**The problem**
Your answer should consist of every line from the records that holds the string "where".

[Collected data entries]
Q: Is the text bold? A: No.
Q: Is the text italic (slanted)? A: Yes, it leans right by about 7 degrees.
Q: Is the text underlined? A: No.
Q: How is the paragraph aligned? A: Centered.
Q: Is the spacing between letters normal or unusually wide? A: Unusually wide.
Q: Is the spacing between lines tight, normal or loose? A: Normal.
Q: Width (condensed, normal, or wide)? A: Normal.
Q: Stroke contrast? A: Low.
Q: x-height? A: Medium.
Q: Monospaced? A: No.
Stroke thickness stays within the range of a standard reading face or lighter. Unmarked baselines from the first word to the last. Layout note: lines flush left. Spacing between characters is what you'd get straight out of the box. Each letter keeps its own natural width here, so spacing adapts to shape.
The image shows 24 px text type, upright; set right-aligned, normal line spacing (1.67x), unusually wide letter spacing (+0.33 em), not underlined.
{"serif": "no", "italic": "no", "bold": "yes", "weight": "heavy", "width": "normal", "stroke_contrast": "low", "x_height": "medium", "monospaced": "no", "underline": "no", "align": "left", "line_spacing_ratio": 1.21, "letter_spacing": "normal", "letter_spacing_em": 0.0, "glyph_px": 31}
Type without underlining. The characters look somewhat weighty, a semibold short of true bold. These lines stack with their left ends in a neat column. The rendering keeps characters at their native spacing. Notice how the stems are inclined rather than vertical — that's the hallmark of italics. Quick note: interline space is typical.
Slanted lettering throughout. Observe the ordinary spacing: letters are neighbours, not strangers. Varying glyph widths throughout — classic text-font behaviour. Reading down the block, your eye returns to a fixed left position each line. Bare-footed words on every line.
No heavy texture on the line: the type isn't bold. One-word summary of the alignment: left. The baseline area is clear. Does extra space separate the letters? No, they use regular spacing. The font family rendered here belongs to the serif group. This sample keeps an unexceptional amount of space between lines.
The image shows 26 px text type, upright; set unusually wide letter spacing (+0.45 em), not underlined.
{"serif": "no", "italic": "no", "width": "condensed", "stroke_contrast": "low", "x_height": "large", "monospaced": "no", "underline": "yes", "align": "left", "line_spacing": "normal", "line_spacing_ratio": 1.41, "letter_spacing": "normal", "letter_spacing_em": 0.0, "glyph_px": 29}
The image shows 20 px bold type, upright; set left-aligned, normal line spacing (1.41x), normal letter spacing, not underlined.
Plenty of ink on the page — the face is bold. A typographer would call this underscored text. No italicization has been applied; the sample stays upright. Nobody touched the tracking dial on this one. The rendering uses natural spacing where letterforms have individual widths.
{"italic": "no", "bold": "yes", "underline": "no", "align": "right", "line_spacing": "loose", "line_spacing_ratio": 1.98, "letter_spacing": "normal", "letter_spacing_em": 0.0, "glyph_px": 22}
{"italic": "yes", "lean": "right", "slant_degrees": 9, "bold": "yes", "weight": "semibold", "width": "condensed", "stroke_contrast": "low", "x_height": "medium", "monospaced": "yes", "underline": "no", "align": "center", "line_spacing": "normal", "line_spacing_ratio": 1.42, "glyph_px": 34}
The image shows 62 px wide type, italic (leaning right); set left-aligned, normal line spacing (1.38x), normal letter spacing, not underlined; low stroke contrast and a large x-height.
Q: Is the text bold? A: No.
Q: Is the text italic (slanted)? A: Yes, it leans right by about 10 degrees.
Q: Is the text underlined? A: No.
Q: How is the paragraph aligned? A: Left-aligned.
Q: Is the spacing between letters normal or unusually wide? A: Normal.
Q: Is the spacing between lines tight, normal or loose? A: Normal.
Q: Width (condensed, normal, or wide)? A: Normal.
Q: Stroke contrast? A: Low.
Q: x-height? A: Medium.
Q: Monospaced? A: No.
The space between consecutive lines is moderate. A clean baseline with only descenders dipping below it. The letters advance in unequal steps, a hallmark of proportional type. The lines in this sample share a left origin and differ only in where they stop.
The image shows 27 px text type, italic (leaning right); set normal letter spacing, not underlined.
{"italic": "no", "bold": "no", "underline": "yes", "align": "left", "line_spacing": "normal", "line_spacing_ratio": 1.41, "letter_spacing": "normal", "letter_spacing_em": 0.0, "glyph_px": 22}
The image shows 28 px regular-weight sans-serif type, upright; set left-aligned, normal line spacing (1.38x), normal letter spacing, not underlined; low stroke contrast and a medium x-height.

**Worked solution**
Plenty of ink on the page — the face is bold. A typographer would call this underscored text. No italicization has been applied; the sample stays upright. Nobody touched the tracking dial on this one. The rendering uses natural spacing where letterforms have individual widths.
The space between consecutive lines is moderate. A clean baseline with only descenders dipping below it. The letters advance in unequal steps, a hallmark of proportional type. The lines in this sample share a left origin and differ only in where they stop.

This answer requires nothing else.